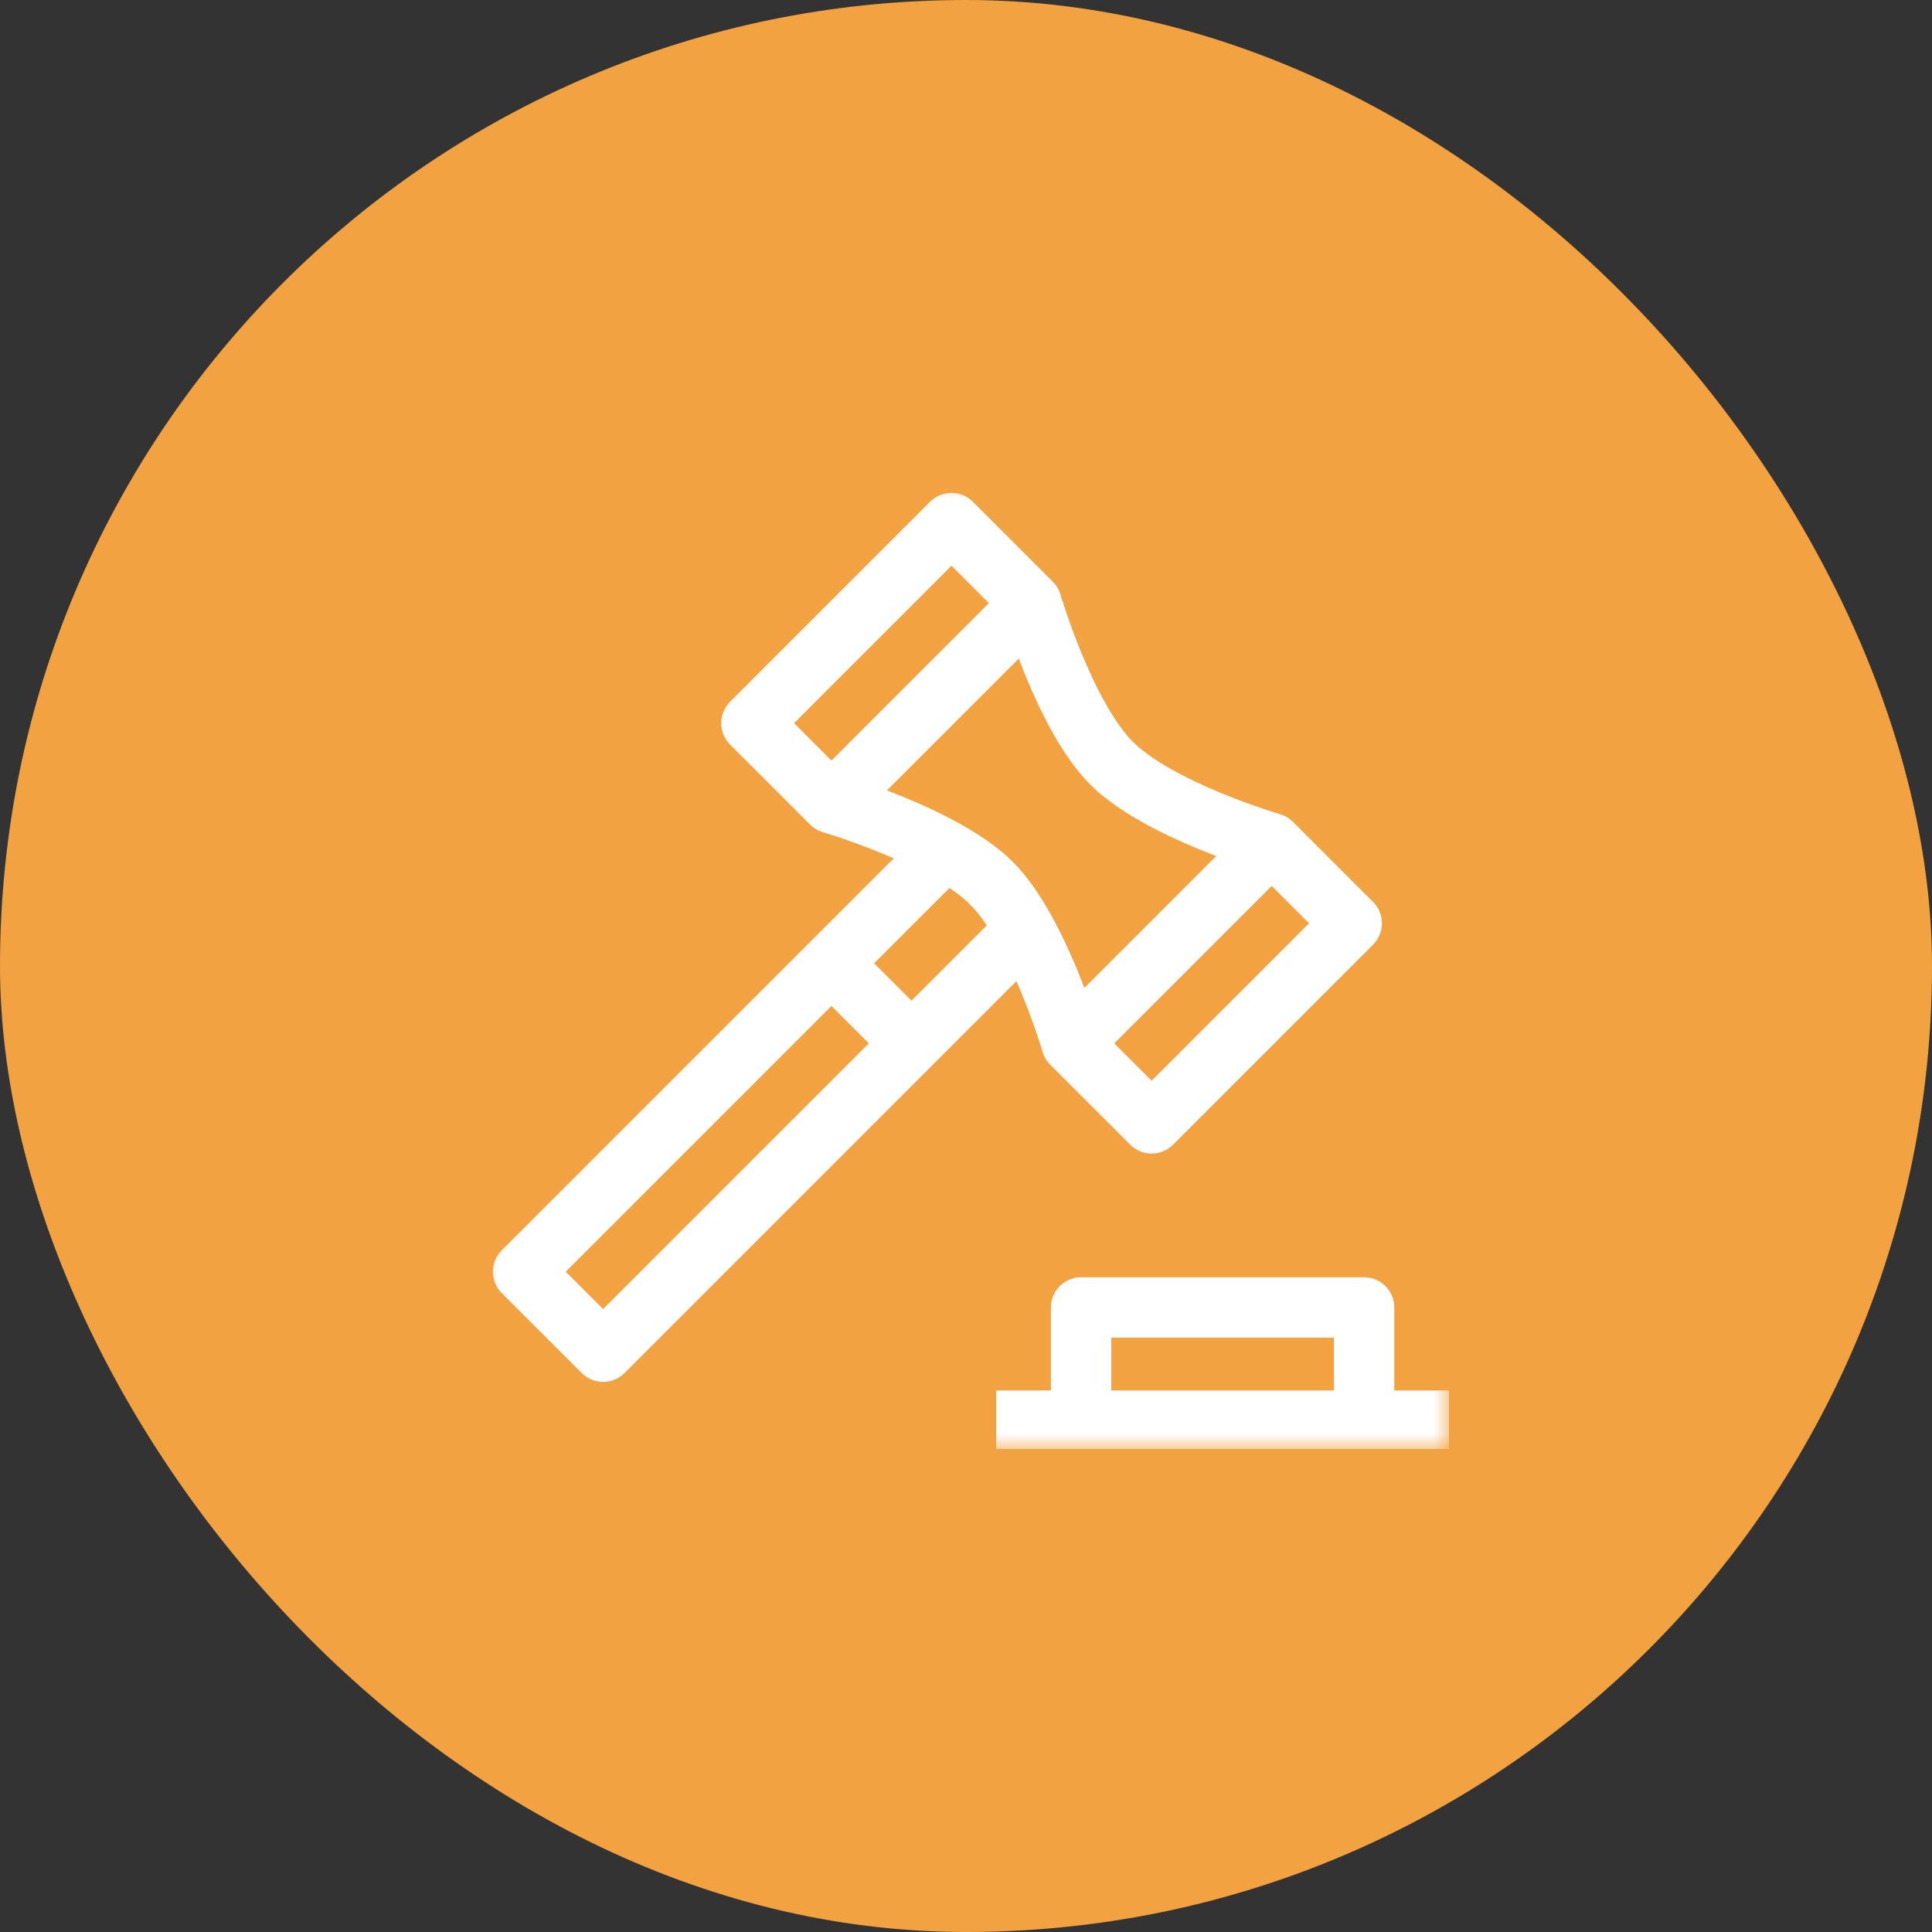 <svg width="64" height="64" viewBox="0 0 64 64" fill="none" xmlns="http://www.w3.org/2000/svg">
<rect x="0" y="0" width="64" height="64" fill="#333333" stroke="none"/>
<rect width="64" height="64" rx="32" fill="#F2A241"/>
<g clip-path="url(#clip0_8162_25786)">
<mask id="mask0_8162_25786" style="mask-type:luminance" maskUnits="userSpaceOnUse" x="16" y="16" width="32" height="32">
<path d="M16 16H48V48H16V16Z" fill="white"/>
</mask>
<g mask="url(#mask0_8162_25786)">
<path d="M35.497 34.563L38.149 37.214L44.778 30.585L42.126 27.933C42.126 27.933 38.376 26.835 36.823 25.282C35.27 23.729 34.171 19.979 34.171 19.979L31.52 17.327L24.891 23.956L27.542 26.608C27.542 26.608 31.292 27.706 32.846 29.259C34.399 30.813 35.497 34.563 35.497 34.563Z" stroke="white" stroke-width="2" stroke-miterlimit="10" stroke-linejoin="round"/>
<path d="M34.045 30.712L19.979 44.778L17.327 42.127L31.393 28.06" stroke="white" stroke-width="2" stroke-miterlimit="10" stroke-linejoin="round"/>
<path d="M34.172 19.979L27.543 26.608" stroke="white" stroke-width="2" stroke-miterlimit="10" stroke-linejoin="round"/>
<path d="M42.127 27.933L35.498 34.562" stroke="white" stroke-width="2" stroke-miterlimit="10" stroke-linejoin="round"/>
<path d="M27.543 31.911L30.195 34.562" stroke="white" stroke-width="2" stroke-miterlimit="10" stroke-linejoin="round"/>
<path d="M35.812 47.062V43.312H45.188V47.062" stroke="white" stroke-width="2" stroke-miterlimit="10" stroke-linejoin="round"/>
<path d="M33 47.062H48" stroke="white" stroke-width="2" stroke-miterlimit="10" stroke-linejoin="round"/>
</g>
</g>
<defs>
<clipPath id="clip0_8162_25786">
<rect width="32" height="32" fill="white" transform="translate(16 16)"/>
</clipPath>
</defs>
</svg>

> [Exercise]
Copy every line above exactly; images stay out.

> [Task answer]
 <svg width="64" height="64" viewBox="0 0 64 64" fill="none" xmlns="http://www.w3.org/2000/svg">
<rect x="0" y="0" width="64" height="64" fill="#333333" stroke="none"/>
<rect width="64" height="64" rx="32" fill="#F2A241"/>
<g clip-path="url(#clip0_8162_25786)">
<mask id="mask0_8162_25786" style="mask-type:luminance" maskUnits="userSpaceOnUse" x="16" y="16" width="32" height="32">
<path d="M16 16H48V48H16V16Z" fill="white"/>
</mask>
<g mask="url(#mask0_8162_25786)">
<path d="M35.497 34.563L38.149 37.214L44.778 30.585L42.126 27.933C42.126 27.933 38.376 26.835 36.823 25.282C35.27 23.729 34.171 19.979 34.171 19.979L31.52 17.327L24.891 23.956L27.542 26.608C27.542 26.608 31.292 27.706 32.846 29.259C34.399 30.813 35.497 34.563 35.497 34.563Z" stroke="white" stroke-width="2" stroke-miterlimit="10" stroke-linejoin="round"/>
<path d="M34.045 30.712L19.979 44.778L17.327 42.127L31.393 28.06" stroke="white" stroke-width="2" stroke-miterlimit="10" stroke-linejoin="round"/>
<path d="M34.172 19.979L27.543 26.608" stroke="white" stroke-width="2" stroke-miterlimit="10" stroke-linejoin="round"/>
<path d="M42.127 27.933L35.498 34.562" stroke="white" stroke-width="2" stroke-miterlimit="10" stroke-linejoin="round"/>
<path d="M27.543 31.911L30.195 34.562" stroke="white" stroke-width="2" stroke-miterlimit="10" stroke-linejoin="round"/>
<path d="M35.812 47.062V43.312H45.188V47.062" stroke="white" stroke-width="2" stroke-miterlimit="10" stroke-linejoin="round"/>
<path d="M33 47.062H48" stroke="white" stroke-width="2" stroke-miterlimit="10" stroke-linejoin="round"/>
</g>
</g>
<defs>
<clipPath id="clip0_8162_25786">
<rect width="32" height="32" fill="white" transform="translate(16 16)"/>
</clipPath>
</defs>
</svg>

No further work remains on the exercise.